Also for 2.6.36, Nick changed the global vfsmount_lock into a brlock. This lock protects the tree of mounted filesystems; it must be acquired (in a read-only mode) whenever a pathname lookup crosses from one mount point to the next. Write access is only needed when filesystems are mounted or unmounted - again, an uncommon occurrence on most systems. Nick warns that this change is unlikely to speed up most workloads now - indeed, it may slow some down slightly - but its value will become clearer when some of the other bottlenecks are taken care of.

Aside from a few smaller changes, that is where VFS scalability work stops for the 2.6.36 development cycle. The more complicated work - dealing with dcache_lock in particular - will go through a few more months of testing before it is pushed toward the mainline. Then, perhaps, we'll see Linus in a proper shade of pink.

Comments (1 posted)

An API for user-space access to kernel cryptography

By Jake Edge
August 25, 2010

Adding an interface for user space to be able to access the kernel crypto subsystem—along with any hardware acceleration available—seems like a reasonable idea at first blush. But adding a huge chunk of formerly user-space code to the kernel to implement additional cryptographic algorithms, including public key cryptosystems, is likely to be difficult to sell. Coupling that with an ioctl()-based API, with pointers and variable length data, raises the barrier further still. Still, there are some good arguments for providing some kind of user-space interface to the crypto subsystem, even if the current proposal doesn't pass muster.

Miloslav Trmač posted an RFC patchset that implements the /dev/crypto user-space interface. The code is derived from cryptodev-linux, but the new implementation was largely developed by Nikos Mavrogiannopoulos. The patchset is rather large, mostly because of the inclusion of two user-space libraries for handling multi-precision integers (LibTomMath) and additional cryptographic algorithms (LibTomCrypt); some 20,000 lines of code in all. That is the current implementation, though there is mention of switching to something based on Libgcrypt, which is believed to be more scrutinized as well as more actively maintained, but is not particularly small either.

One of the key benefits of the new API is that keys can be handled completely within the kernel, allowing user space to do whatever encryption or decryption it needs without ever exposing the key to the application. That means that application vulnerabilities would be unable to expose any keys.
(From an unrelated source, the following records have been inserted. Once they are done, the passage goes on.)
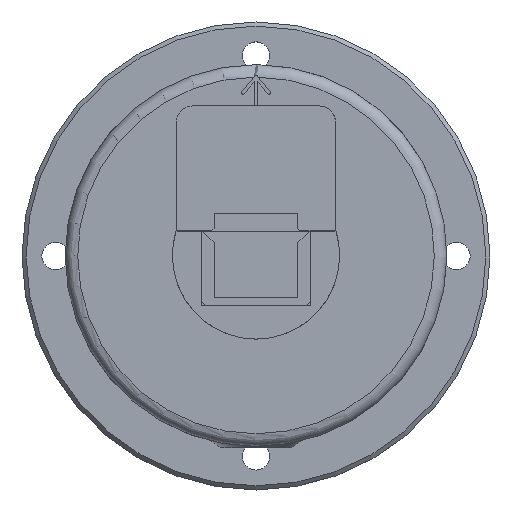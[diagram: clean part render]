
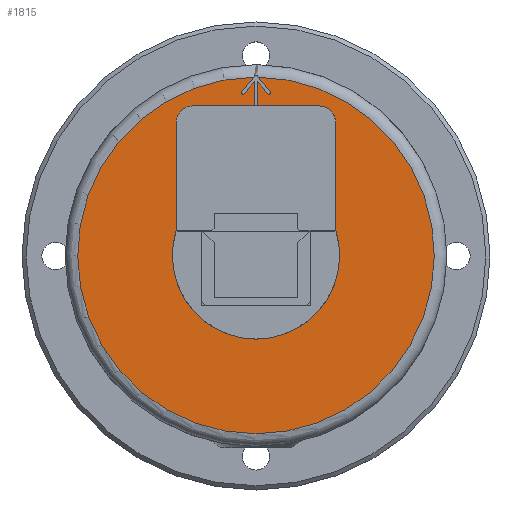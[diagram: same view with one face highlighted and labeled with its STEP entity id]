
A CAD part, top view. The second image highlights one B-rep face of the part: STEP entity #1815.
In plain terms, the highlighted face is planar.
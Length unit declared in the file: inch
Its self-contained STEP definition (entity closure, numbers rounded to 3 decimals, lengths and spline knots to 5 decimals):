
#156=LINE('',#2980,#293);
#158=LINE('',#2986,#295);
#162=LINE('',#2994,#299);
#166=LINE('',#3003,#303);
#169=LINE('',#3017,#306);
#170=LINE('',#3019,#307);
#171=LINE('',#3023,#308);
#172=LINE('',#3027,#309);
#173=LINE('',#3031,#310);
#174=LINE('',#3032,#311);
#293=VECTOR('',#2419,0.3937);
#295=VECTOR('',#2423,0.3937);
#299=VECTOR('',#2427,0.3937);
#303=VECTOR('',#2433,0.3937);
#306=VECTOR('',#2454,0.3937);
#307=VECTOR('',#2455,0.3937);
#308=VECTOR('',#2458,0.3937);
#309=VECTOR('',#2461,0.3937);
#310=VECTOR('',#2464,0.3937);
#311=VECTOR('',#2465,0.3937);
#431=PLANE('',#2026);
#571=FACE_OUTER_BOUND('',#697,.T.);
#697=EDGE_LOOP('',(#1516,#1517,#1518,#1519,#1520,#1521,#1522,#1523,#1524,
#1525,#1526,#1527,#1528,#1529,#1530,#1531));
#803=CIRCLE('',#2019,0.25);
#805=CIRCLE('',#2022,0.25);
#808=CIRCLE('',#2027,0.025);
#809=CIRCLE('',#2028,2.667);
#810=CIRCLE('',#2029,0.025);
#811=CIRCLE('',#2030,1.251);
#943=VERTEX_POINT('',#2974);
#945=VERTEX_POINT('',#2978);
#946=VERTEX_POINT('',#2982);
#948=VERTEX_POINT('',#2985);
#951=VERTEX_POINT('',#2991);
#952=VERTEX_POINT('',#2993);
#954=VERTEX_POINT('',#2999);
#956=VERTEX_POINT('',#3002);
#958=VERTEX_POINT('',#3016);
#959=VERTEX_POINT('',#3018);
#960=VERTEX_POINT('',#3020);
#961=VERTEX_POINT('',#3022);
#962=VERTEX_POINT('',#3024);
#963=VERTEX_POINT('',#3026);
#964=VERTEX_POINT('',#3028);
#965=VERTEX_POINT('',#3030);
#1143=EDGE_CURVE('',#943,#945,#156,.T.);
#1145=EDGE_CURVE('',#948,#946,#158,.T.);
#1149=EDGE_CURVE('',#952,#951,#162,.T.);
#1153=EDGE_CURVE('',#956,#954,#166,.T.);
#1156=EDGE_CURVE('',#951,#956,#803,.T.);
#1158=EDGE_CURVE('',#945,#948,#805,.T.);
#1161=EDGE_CURVE('',#946,#958,#169,.T.);
#1162=EDGE_CURVE('',#958,#959,#170,.T.);
#1163=EDGE_CURVE('',#959,#960,#808,.T.);
#1164=EDGE_CURVE('',#960,#961,#171,.T.);
#1165=EDGE_CURVE('',#962,#961,#809,.T.);
#1166=EDGE_CURVE('',#962,#963,#172,.T.);
#1167=EDGE_CURVE('',#963,#964,#810,.T.);
#1168=EDGE_CURVE('',#964,#965,#173,.T.);
#1169=EDGE_CURVE('',#965,#952,#174,.T.);
#1170=EDGE_CURVE('',#943,#954,#811,.T.);
#1516=ORIENTED_EDGE('',*,*,#1143,.T.);
#1517=ORIENTED_EDGE('',*,*,#1158,.T.);
#1518=ORIENTED_EDGE('',*,*,#1145,.T.);
#1519=ORIENTED_EDGE('',*,*,#1161,.T.);
#1520=ORIENTED_EDGE('',*,*,#1162,.T.);
#1521=ORIENTED_EDGE('',*,*,#1163,.T.);
#1522=ORIENTED_EDGE('',*,*,#1164,.T.);
#1523=ORIENTED_EDGE('',*,*,#1165,.F.);
#1524=ORIENTED_EDGE('',*,*,#1166,.T.);
#1525=ORIENTED_EDGE('',*,*,#1167,.T.);
#1526=ORIENTED_EDGE('',*,*,#1168,.T.);
#1527=ORIENTED_EDGE('',*,*,#1169,.T.);
#1528=ORIENTED_EDGE('',*,*,#1149,.T.);
#1529=ORIENTED_EDGE('',*,*,#1156,.T.);
#1530=ORIENTED_EDGE('',*,*,#1153,.T.);
#1531=ORIENTED_EDGE('',*,*,#1170,.F.);
#1815=ADVANCED_FACE('',(#571),#431,.T.);
#2019=AXIS2_PLACEMENT_3D('',#3008,#2438,#2439);
#2022=AXIS2_PLACEMENT_3D('',#3011,#2444,#2445);
#2026=AXIS2_PLACEMENT_3D('',#3015,#2452,#2453);
#2027=AXIS2_PLACEMENT_3D('',#3021,#2456,#2457);
#2028=AXIS2_PLACEMENT_3D('',#3025,#2459,#2460);
#2029=AXIS2_PLACEMENT_3D('',#3029,#2462,#2463);
#2030=AXIS2_PLACEMENT_3D('',#3033,#2466,#2467);
#2419=DIRECTION('',(0.,1.,0.));
#2423=DIRECTION('',(0.,0.,-1.));
#2427=DIRECTION('',(0.,0.,-1.));
#2433=DIRECTION('',(0.,-1.,0.));
#2438=DIRECTION('center_axis',(-1.,0.,0.));
#2439=DIRECTION('ref_axis',(0.,0.,1.));
#2444=DIRECTION('center_axis',(-1.,0.,0.));
#2445=DIRECTION('ref_axis',(0.,-1.,0.));
#2452=DIRECTION('center_axis',(1.,0.,0.));
#2453=DIRECTION('ref_axis',(0.,0.,-1.));
#2454=DIRECTION('',(0.,1.,0.));
#2455=DIRECTION('',(0.,-0.766,0.643));
#2456=DIRECTION('center_axis',(-1.,0.,0.));
#2457=DIRECTION('ref_axis',(0.,0.643,0.766));
#2458=DIRECTION('',(0.,0.766,-0.643));
#2459=DIRECTION('center_axis',(-1.,0.,0.));
#2460=DIRECTION('ref_axis',(0.,-1.,0.));
#2461=DIRECTION('',(0.,-0.766,-0.643));
#2462=DIRECTION('center_axis',(-1.,0.,0.));
#2463=DIRECTION('ref_axis',(0.,-0.643,0.766));
#2464=DIRECTION('',(0.,0.766,0.643));
#2465=DIRECTION('',(0.,-1.,0.));
#2466=DIRECTION('center_axis',(1.,0.,0.));
#2467=DIRECTION('ref_axis',(0.,0.,-1.));
#2974=CARTESIAN_POINT('',(0.,0.37332,1.194));
#2978=CARTESIAN_POINT('',(0.,1.987,1.194));
#2980=CARTESIAN_POINT('',(0.,0.6255,1.194));
#2982=CARTESIAN_POINT('',(0.,2.237,0.025));
#2985=CARTESIAN_POINT('',(0.,2.237,0.944));
#2986=CARTESIAN_POINT('',(0.,2.237,0.472));
#2991=CARTESIAN_POINT('',(0.,2.237,-0.944));
#2993=CARTESIAN_POINT('',(0.,2.237,-0.025));
#2994=CARTESIAN_POINT('',(0.,2.237,0.472));
#2999=CARTESIAN_POINT('',(0.,0.37332,-1.194));
#3002=CARTESIAN_POINT('',(0.,1.987,-1.194));
#3003=CARTESIAN_POINT('',(0.,1.619,-1.194));
#3008=CARTESIAN_POINT('Origin',(0.,1.987,-0.944));
#3011=CARTESIAN_POINT('Origin',(0.,1.987,0.944));
#3015=CARTESIAN_POINT('Origin',(0.,1.251,0.));
#3016=CARTESIAN_POINT('',(0.,2.59931,0.025));
#3017=CARTESIAN_POINT('',(0.,1.7095,0.025));
#3018=CARTESIAN_POINT('',(0.,2.42193,0.17385));
#3019=CARTESIAN_POINT('',(0.,2.20987,0.35179));
#3020=CARTESIAN_POINT('',(0.,2.45408,0.21215));
#3021=CARTESIAN_POINT('Origin',(0.,2.438,
0.193));
#3022=CARTESIAN_POINT('',(0.,2.66679,0.0336));
#3023=CARTESIAN_POINT('',(0.,2.15341,0.46452));
#3024=CARTESIAN_POINT('',(0.,2.66679,-0.0336));
#3025=CARTESIAN_POINT('Origin',(0.,0.,0.));
#3026=CARTESIAN_POINT('',(0.,2.45407,-0.21215));
#3027=CARTESIAN_POINT('',(0.,2.26783,-0.36848));
#3028=CARTESIAN_POINT('',(0.,2.42193,-0.17385));
#3029=CARTESIAN_POINT('Origin',(0.,2.438,-0.193));
#3030=CARTESIAN_POINT('',(0.,2.59931,-0.025));
#3031=CARTESIAN_POINT('',(0.,2.12118,-0.42622));
#3032=CARTESIAN_POINT('',(0.,1.92516,-0.025));
#3033=CARTESIAN_POINT('Origin',(0.,0.,0.));

The keys can also be wrapped by the kernel so that the application can receive an encrypted blob that it can store persistently to be loaded back into the kernel after a reboot.

Ted Ts'o questioned the whole idea behind the interface, specifically whether hardware acceleration would really speed things up:

more often than not, by the time you take into account the time to move the crypto context as well as the data into kernel space and back out, and after you take into account price/performance, most hardware crypto [accelerators] have marginal performance benefits; in fact, more often than not, it's a lose.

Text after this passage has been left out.